# PROBLEM TO WORK ON
Repeat exactly, and only, the lines from the one holding "గుఇరంచి ఎన్నో సందేహాలున్నా" through the last line of the records below.

Records from a dataset:
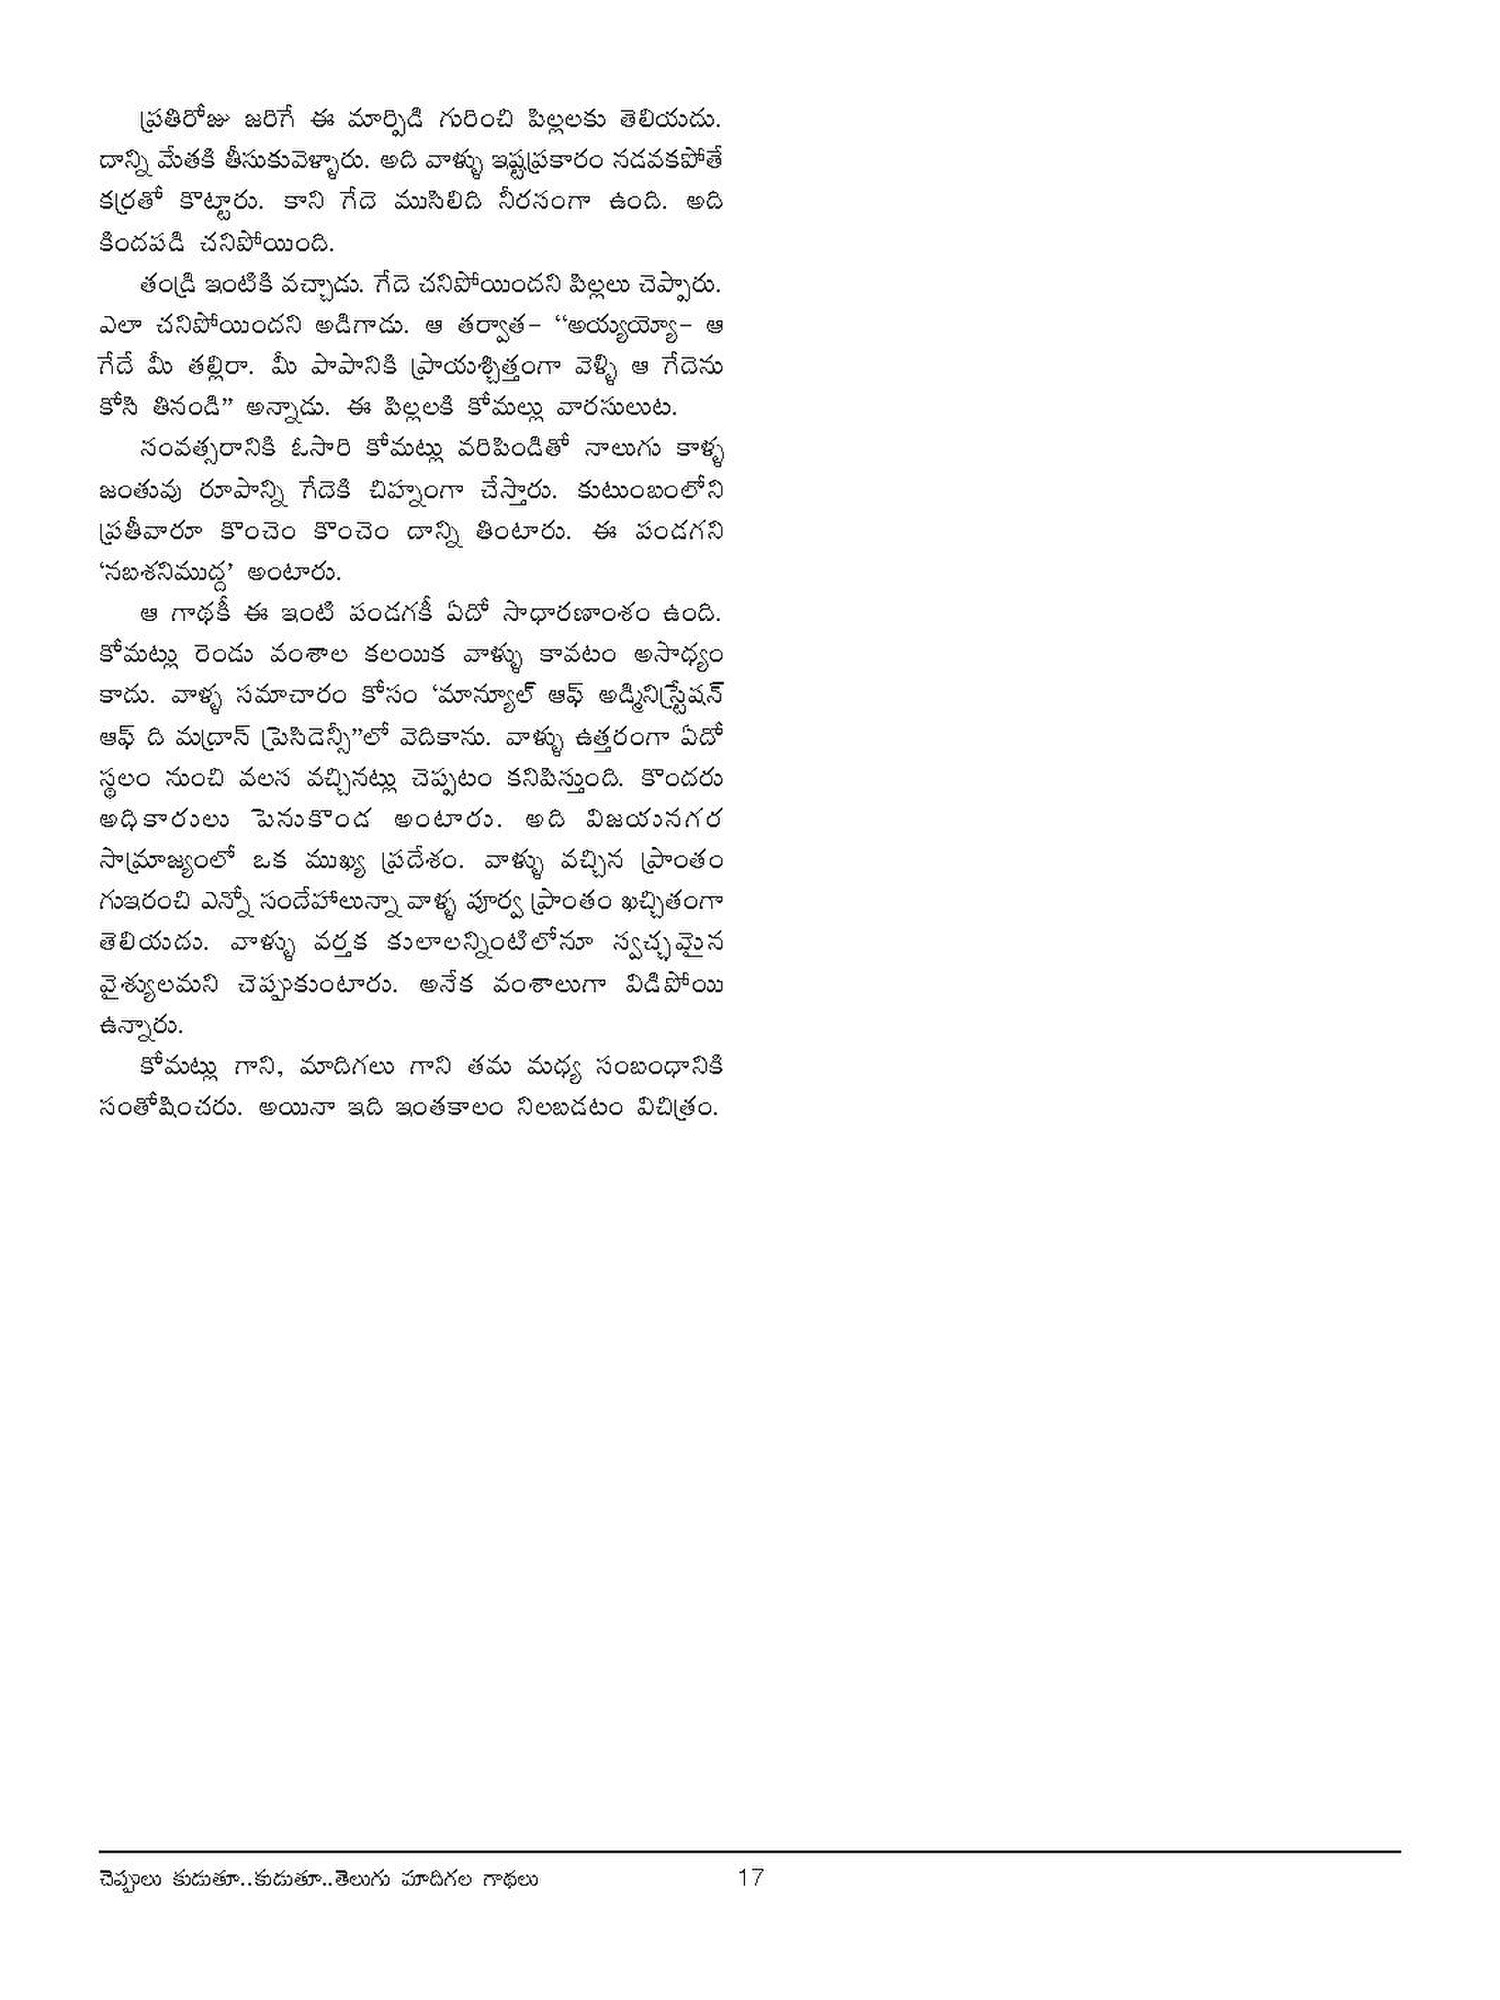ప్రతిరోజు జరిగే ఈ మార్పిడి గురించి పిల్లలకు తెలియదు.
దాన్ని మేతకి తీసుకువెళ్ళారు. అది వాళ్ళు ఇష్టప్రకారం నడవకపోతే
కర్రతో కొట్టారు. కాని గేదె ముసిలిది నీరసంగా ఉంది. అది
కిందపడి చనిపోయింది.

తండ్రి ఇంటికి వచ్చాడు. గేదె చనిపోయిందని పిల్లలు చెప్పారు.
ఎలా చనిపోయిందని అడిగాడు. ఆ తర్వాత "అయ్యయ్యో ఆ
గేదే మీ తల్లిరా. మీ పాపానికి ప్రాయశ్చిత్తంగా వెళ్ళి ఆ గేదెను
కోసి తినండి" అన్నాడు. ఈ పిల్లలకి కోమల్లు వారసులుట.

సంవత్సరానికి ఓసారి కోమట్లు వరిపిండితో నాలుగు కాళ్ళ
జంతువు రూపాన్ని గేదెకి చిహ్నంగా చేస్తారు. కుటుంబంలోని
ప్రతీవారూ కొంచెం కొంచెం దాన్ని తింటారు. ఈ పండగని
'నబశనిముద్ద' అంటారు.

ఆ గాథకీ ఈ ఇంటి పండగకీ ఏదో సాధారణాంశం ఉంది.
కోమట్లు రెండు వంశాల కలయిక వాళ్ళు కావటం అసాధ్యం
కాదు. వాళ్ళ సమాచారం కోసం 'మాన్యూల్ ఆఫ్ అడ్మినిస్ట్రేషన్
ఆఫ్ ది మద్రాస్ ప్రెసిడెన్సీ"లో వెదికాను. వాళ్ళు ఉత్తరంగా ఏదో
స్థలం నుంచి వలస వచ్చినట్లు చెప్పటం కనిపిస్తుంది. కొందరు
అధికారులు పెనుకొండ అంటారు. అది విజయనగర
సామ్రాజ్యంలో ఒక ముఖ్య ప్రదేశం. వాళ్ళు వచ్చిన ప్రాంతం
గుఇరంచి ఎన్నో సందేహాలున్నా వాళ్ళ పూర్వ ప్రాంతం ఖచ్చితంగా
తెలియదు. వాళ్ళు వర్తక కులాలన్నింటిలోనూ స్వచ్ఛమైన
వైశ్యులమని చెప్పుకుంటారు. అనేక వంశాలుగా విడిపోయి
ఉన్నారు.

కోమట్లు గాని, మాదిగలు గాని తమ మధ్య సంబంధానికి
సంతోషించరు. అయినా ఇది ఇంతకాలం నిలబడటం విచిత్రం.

# SOLUTION FOR THIS EXERCISE
గుఇరంచి ఎన్నో సందేహాలున్నా వాళ్ళ పూర్వ ప్రాంతం ఖచ్చితంగా
తెలియదు. వాళ్ళు వర్తక కులాలన్నింటిలోనూ స్వచ్ఛమైన
వైశ్యులమని చెప్పుకుంటారు. అనేక వంశాలుగా విడిపోయి
ఉన్నారు.

కోమట్లు గాని, మాదిగలు గాని తమ మధ్య సంబంధానికి
సంతోషించరు. అయినా ఇది ఇంతకాలం నిలబడటం విచిత్రం.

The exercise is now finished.